Andy wrote “Of course, a realistic movie about NASA going to Mars would consist of a bunch of (mostly) guys sitting around on Earth drawing up neat PowerPoint presentations and having pointless conferences…”
That pretty well sums it up.
“In this scenario, the question of how fast the spaceship can get out of Low Earth Orbit … would never come up”
It comes up all the time. The NASA Spaceflight Forum community includes a number of competent engineers (as well as many starry eyed space cadets). Rest assured there are discussions on ion propelled craft and how they’re not well suited for climbing in and out of planetary gravity wells.
http://forum.nasaspaceflight.com/index.php
At this point, colonizing Mars is a bridge too far. By setting an impractical goal, the Zubrinistas are successfully keeping mankind confined at or below low earth orbit.
There are possible routes for humanity to move beyond Cradle Earth.

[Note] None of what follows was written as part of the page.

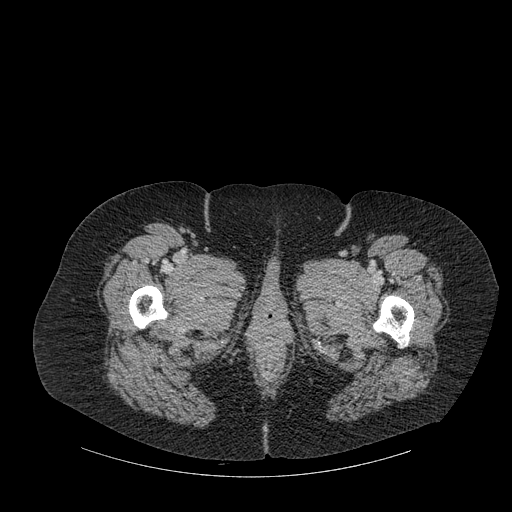

Image size 512x512, CT

2 bone regions are located at (129,285,167,328), (373,296,413,346).

If science fiction were to present these possibilities in an entertaining fashion, it could play a role in moving us forward. But “The Martian” doesn’t do this. This innumerate tale only adds to a mythos that was old and tired back in the twentieth century.
I’ve skimmed back through the novel but I cannot find the reference to the Hermes acceleration of 2mm/s^2. The 124 transit time yes, but not the acceleration. I see teh value used in some discussions, but I cannot tell if this is from teh novel or teh movie.
Anyone have teh page # of this info?
Alex, Page 395.
@Hop David – My hardback copy, published by Crown only has 367 pp. (I checked p 295 just in case). Is there a log entry # to home in on it?
I checked AMZN and both the paperback and kindle editions have 385 pp. (Hard cover no longer available?)
My paper back version has 435 pages.
On page 395 of my book Lewis is talking about rendezvous with Watney’s MAV. “Our engine’s two millimeters per second may not seem like much, but in forty minutes it can move us up to 5.7 kilometers.” A few paragraphs later it goes to LOG ENTRY: SOL 526.
It is also a few places online. For example: https://www.youtube.com/watch?v=khIHZp_GTEI
Finally saw the Martian. Wow. A great movie. I forgive the dramatic strength of the initial wind storm.
Also if interest to me was the fact that used plastic sheeting to allow the hab to be pressurized after the airlock failed. Since Bigelow proposes inflatable space habitats I suppose this sems okay except for the gentle flapping in the wind. It would be a pretty tight stretch over the opening.
My biggest question, again this was for the drama, but why didn’t he immediately have or rig a simple radio link to the various Martian satellites in orbit? To believe that radio was only in the main lander vehicle is a bit much.
@Hop. Thanks. I located the passage on p334 of my hardcover edition.
To me, that was the biggest believability problem in the entire movie. Never mind overblown storms and wind-flapping. That opening looked to be at least 3 or 4 square meters. At one atmosphere of pressure, that flimsy bit of plastic and duck tape would have held back 30-40 TONs of pressure. Yeah, right!
At least in the book, it was high strength fabric especially made for the purpose.
Of course, one really should not quibble with such minor suspensions of disbelief; overall I found the movie quite good.